The field of this thesis is deformation quantization, and we consider mainly symplectic manifolds equipped with a star product.
After reviewing basics in complex geometry, we introduce quantization, focusing on geometric quantization and deformation quantization. The latter is defined as a star product on a Poisson manifold that is in general non-commutative and corresponds to the composition of the quantized observables.
While in general it is difficult to express a star product globally on a curved manifold in an explicit way, we consider a case where this is possible, namely that of a Kähler manifold. Gammelgaard gave an explicit formula for a class of star products in this setting. We review his construction, which is combinatorial and based on a certain family of graphs and extend it, to provide the graph formalism with the notions of composition and differentiation.
We shall focus our attention on symplectic manifolds equipped with a family of star products, indexed by a parameter space. In this situation we can define a connection in the trivial bundle over the parameter space with fibres the formal smooth functions on the manifold, which relates the star products in the family and is called a formal connection. We study the question of classifying such formal connections. To each star product we can associate a certain cohomology class called the characteristic class. It turns out that a formal connection exists if and only if all the star products in the family have the same characteristic class, and that formal connections form an affine space over the derivations of the star products.
Moreover, if the parameter space for the family of star products is contractible, we obtain that any two flat formal connections are gauge equivalent via a selfequivalence of the family of star products.

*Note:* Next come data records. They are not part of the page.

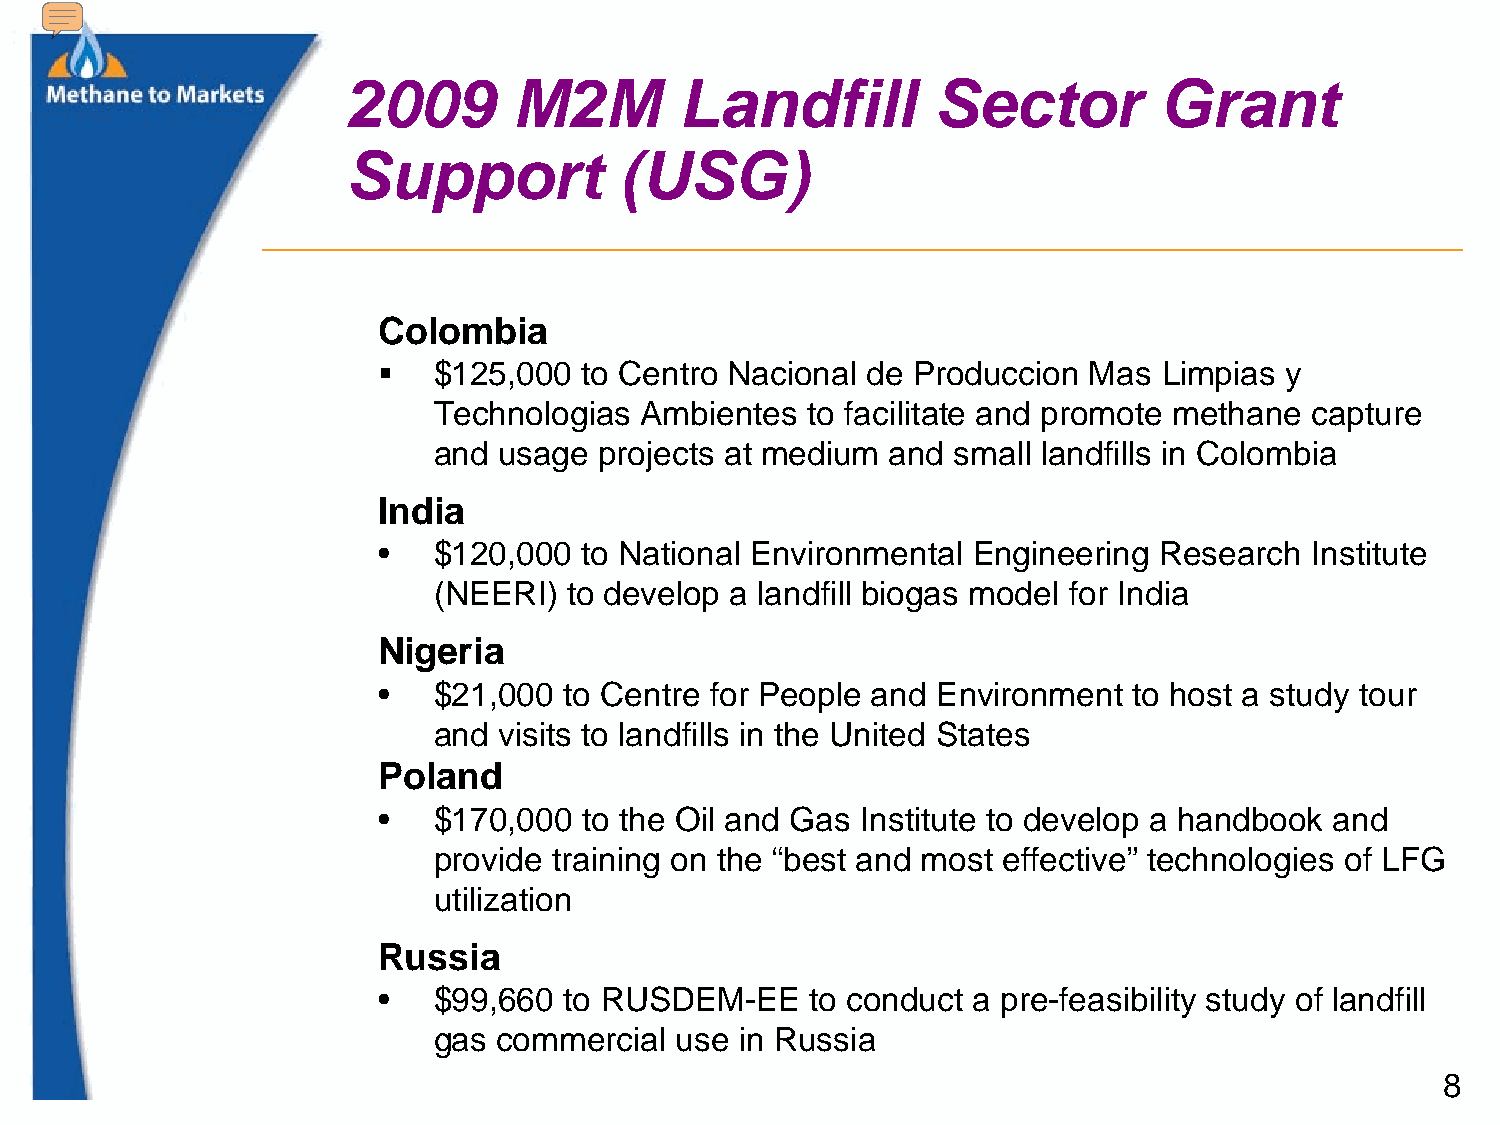
2009       M2M        Landfill         Sector         Grant
 Support           (USG)
 Colombia
    $125,000  to Centro Nacional de Produccion Mas  Limpias y
 Technologias Ambientes  to facilitate and promote methane capture
 an d usage projects at medium and small landfills in Colombia
 India
 •   $120,000  to National Environmental Engineering Research  Institute
 (NEERI)  to develop a landfill biogas model for India
 Nigeria
 •   $21,000 to Centre for People and Environment  to host a study tour
 and visits to landfills in the United States
 Poland
 •   $170,000  to the Oil and Gas Institute to develop a handbook and
 provide training on the “best and most effective” technologies of LFG
 utilization
 Russia
 •   $99,660 to RUSDEM-EE     to conduct a pre-feasibility study of landfill
 gas commercial  use in Russia
 8
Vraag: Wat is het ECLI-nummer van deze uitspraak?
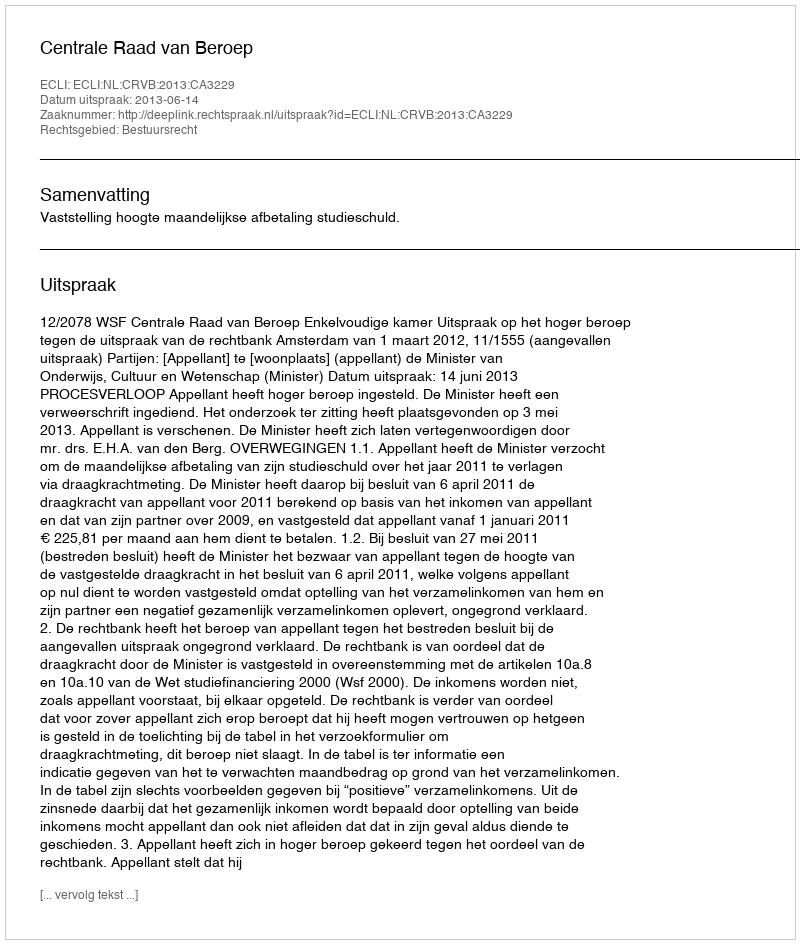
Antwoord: ECLI:NL:CRVB:2013:CA3229
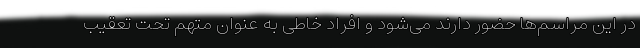
در این مراسم‌ها حضور دارند می‌شود و افراد خاطی به عنوان متهم تحت تعقیب
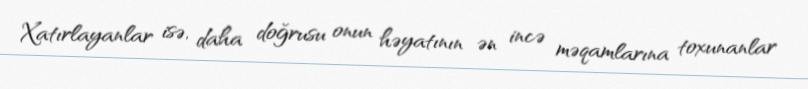
Xatırlayanlar isə, daha doğrusu onun həyatının ən incə məqamlarına toxunanlar
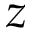
z
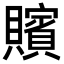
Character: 𮚪
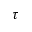
\tau
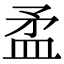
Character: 𥁛
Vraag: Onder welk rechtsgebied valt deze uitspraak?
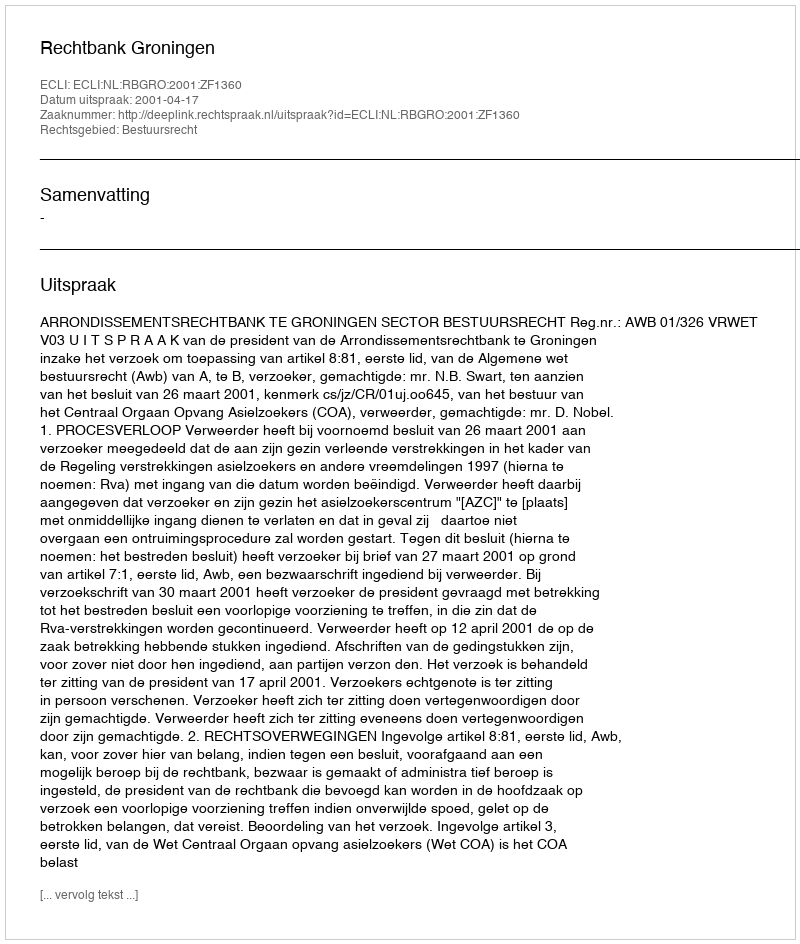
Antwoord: Bestuursrecht

Afterwards we study the problem of trivializing a formal connection, that is to define a differential operator on the manifold which makes any section of the bundle parallel with respect to the connection. To approach the problem we use the graph formalism described above to encode it in graph terms. This allows us to express the equations determining a trivialization of the formal connection completely in graph terms, and solving them amounts to finding a linear combination of graphs whose derivative is equal to a given expression. We shall also look at another approach to the problem that is more calculative. Moreover we use the graph formalism to give a set of recursive equations determining the formal connection for a given family of star products.